# My monitor has a white spot on black and dark backgrounds.



## CraveNinja (Mar 29, 2020)

Sorry for the bad quality images but i really want to know what the white spots are on my screen. about 3 weeks ago i brough the AOC 24G2U 144hz monitor and when it arrived i got a very annoying red pixel that was bugging me all the time, so i tried to fix it by using online websites like jscreenfix or something like that and its very small the pixel now but its not as bad. I have also tried to apply some pressure to the red pixel which seem to help again but ever since doing these things i made this white ball of maybe pixels (i dont know) appear and it's right under the red pixel. I was wondering what it is. Is it just a bunch of white stuck or dead pixels and if yes is there any way to fix it or will it eventually fix itself. This white ball of pixels or whatever it is its very distracting while watching movies or even playing. Also these white pixels only appear on black or dark backgrounds since i never see them when there are bright colors. Thanks for the help!


----------



## silentbogo (Mar 29, 2020)

You've probably pushed too hard. Those white spots are backlight bleed. You have a reflective layer on the very back of your LCD, and if it's dented or damaged - you get this kind of artifacts (quite common on laptops).
There is a way to fix it (especially in small cases like yours), but given your history with literally smashing dead pixels, I'll restrain myself from describing how to do it specifically  
I'll just say that it requires full disassembly, lots of patience, steady hands and good eye for detail.


----------



## CraveNinja (Mar 29, 2020)

thanks for the quick reply. i'll just have to live with it or take it to a repair shop.


----------



## silentbogo (Mar 29, 2020)

CraveNinja said:


> i'll just have to live with it or take it to a repair shop.

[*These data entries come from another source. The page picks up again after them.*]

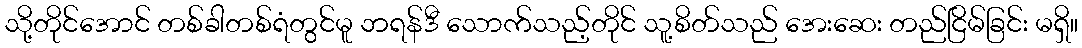
သို့တိုင်အောင် တစ်ခါတစ်ရံတွင်မူ ဘရန်ဒီ သောက်သည့်တိုင် သူ့စိတ်သည် အေးဆေး တည်ငြိမ်ခြင်း မရှိ။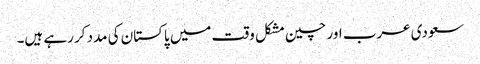
سعودی عرب اور چین مشکل وقت میں پاکستان کی مدد کر رہے ہیں۔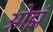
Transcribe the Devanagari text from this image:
ओझं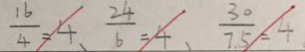
\frac { 1 6 } { 4 } = 4 、 \frac { 2 4 } { 6 } = 4 、 \frac { 3 0 } { 7 . 5 } = 4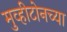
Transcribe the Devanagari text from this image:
मुव्हीटोनच्या

I'd take it to a repair shop. The procedure is trivial and cheap, just requires someone more experienced to perform it.


----------



## CraveNinja (Mar 29, 2020)

thanks for the help and i will definetly do that!


----------



## Bill_Bright (Mar 29, 2020)

CraveNinja said:


> about 3 weeks ago i brough the AOC 24G2U


With it being just 3 weeks ago, I would return it from where you bought it. Most retailers have at least a 30 day return policy, some go up to 1 year. If the retailer refuses, go for an RMA. That is not a stuck pixel so I think they should honor it. If you take it to a shop, they might do something that might void your warranty.


----------



## Vayra86 (Mar 29, 2020)

I hope you can get it fixed under warranty, because its very obvious this damage is user error.

For your next monitor purchase, treat this like its a lottery and make sure you have a no nonsense return policy wherever you buy. Return as in: no reason required. If it has excessive bleeding, IPS glow, dead or stuck pixels... even only ONE... just return the thing.


----------



## CraveNinja (Mar 31, 2020)

thanks guys for the help. i've contacted them hopefully they'll get back to me soon!


----------